The museum has a number of displays that disparages rational thinking. The displays say that when human rationality is the starting point, the result is error and eventual disaster (including the disaster of eternal punishment), but when the words of the Bible are the starting point, then the result is truth (and personal salvation).

Education often operates from the same definition of authority — a definition that sees the student as an empty vessel to be filled, one that sees the point of education as indoctrination, one that agrees with the museum’s notion of original sin, and sees the student as full of sin and error and in need of correction and direction. Students are rewarded for right answers, for following directions, for acquiescing to their teacher and school. Often the authority demonstrated in school is simply positional power — the power to reward or punish. It is easy to see that graduates from our system of education are prepared for a life time of indoctrination by the media and by power figures in their society. It is not surprising that many of these graduates, acclimated to the notion that they have no authority within their own thinking, readily accept the authority of quacks and extremists.

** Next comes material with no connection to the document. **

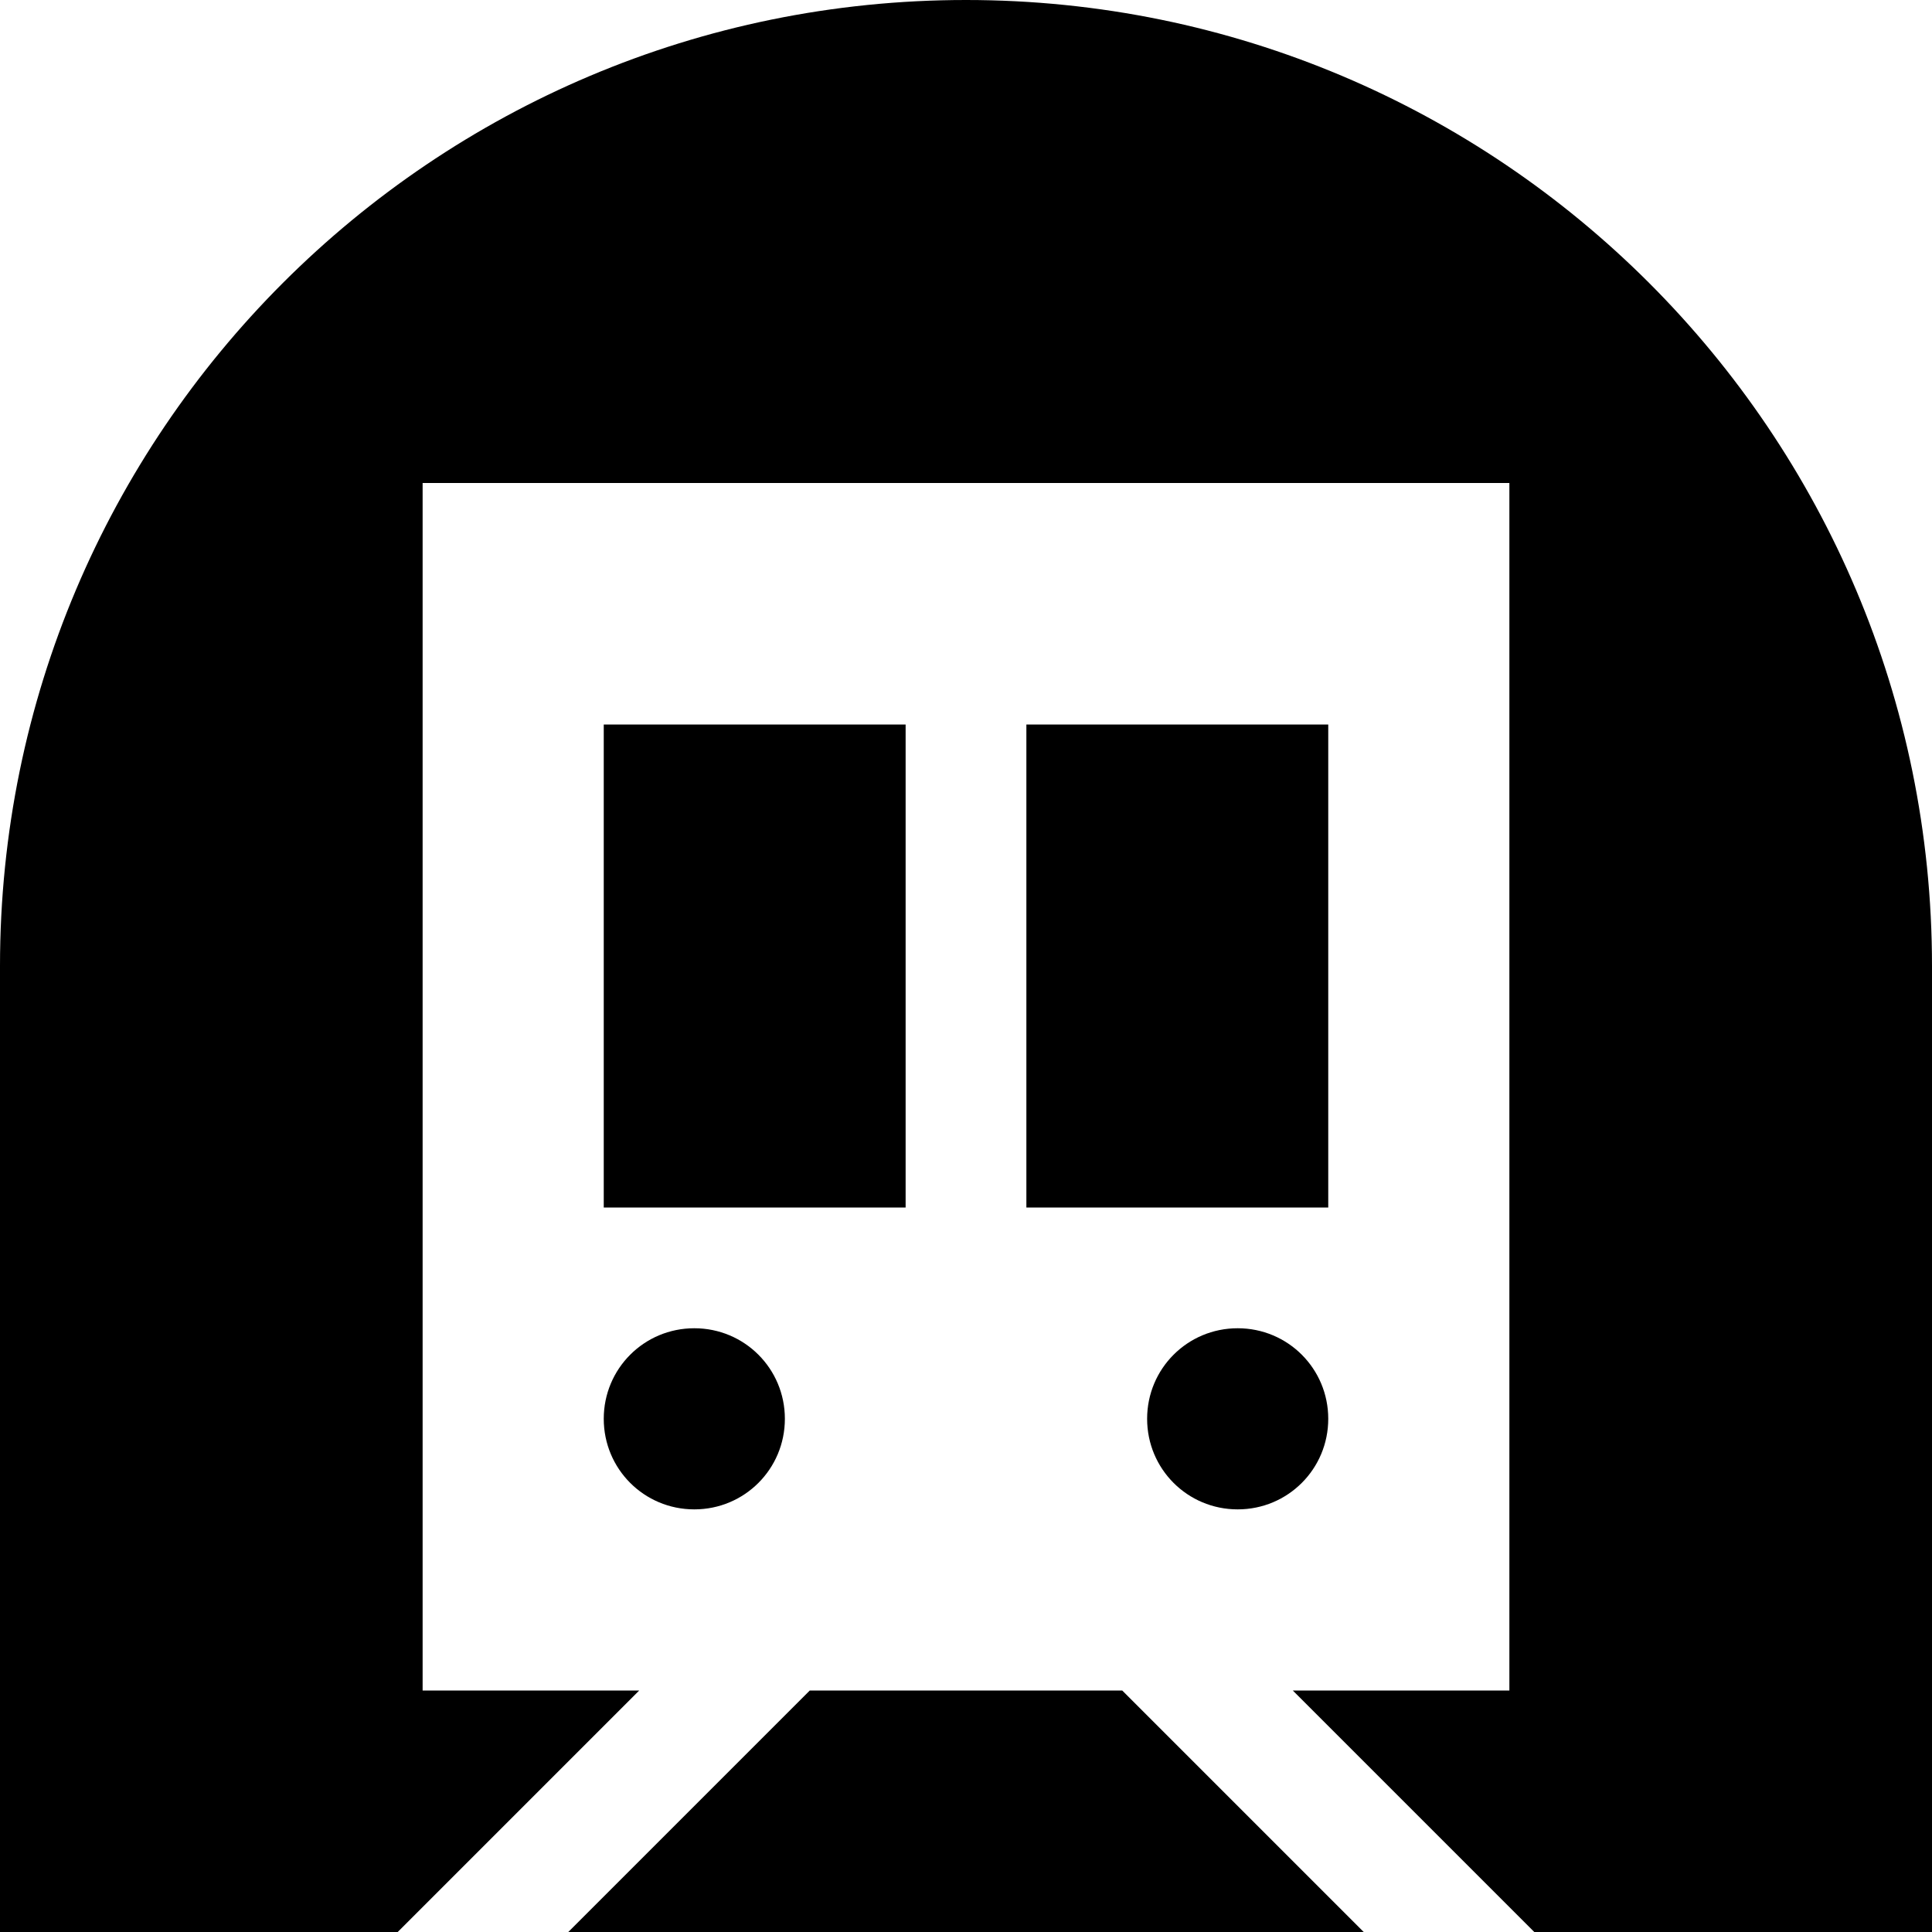 <svg xmlns="http://www.w3.org/2000/svg" viewBox="0 0 512 512"><!--! Font Awesome Pro 6.2.0 by @fontawesome - https://fontawesome.com License - https://fontawesome.com/license (Commercial License) Copyright 2022 Fonticons, Inc. --><path d="M0 256C0 114.6 114.6 0 256 0S512 114.6 512 256V512H406.6l-64-64H400V128H112V448h57.4l-64 64H0V256zM297.4 448l64 64H150.6l64-64h82.7zM240 192V320H160V192h80zm32 128V192h80V320H272zm-88 80c-13.3 0-24-10.7-24-24s10.7-24 24-24s24 10.7 24 24s-10.7 24-24 24zm168-24c0 13.3-10.7 24-24 24s-24-10.7-24-24s10.7-24 24-24s24 10.7 24 24z"/></svg>

The Creation Museum, by its advocating the most radical of antievolution stands, the “Young Earth” stand, I think, may do a great favor, because it makes the question of what constitutes authority such a stark, compelling question. The focus of this whole $35 million museum is to ask: How can we know truth? What is our authority for knowing truth?

The great popularity of the Creation Museum forces us to acknowledge that indoctrination is very much in force in our whole society and that, if we could see the total landscape of what Americans believe — about our history, about our own society, about the world, about how to achieve peace — we’d be astounded to see beliefs equally as goofy and unfounded as a belief that the world is only 6000 years old. The popularity of the museum, and its emphasis on indoctrination, should force us to examine who or what we accept as authority and should shock us into once again realizing that the human race is doomed unless somehow there is a transformation in humanity’s thinking — toward a new respect for truth and for the authority of reason.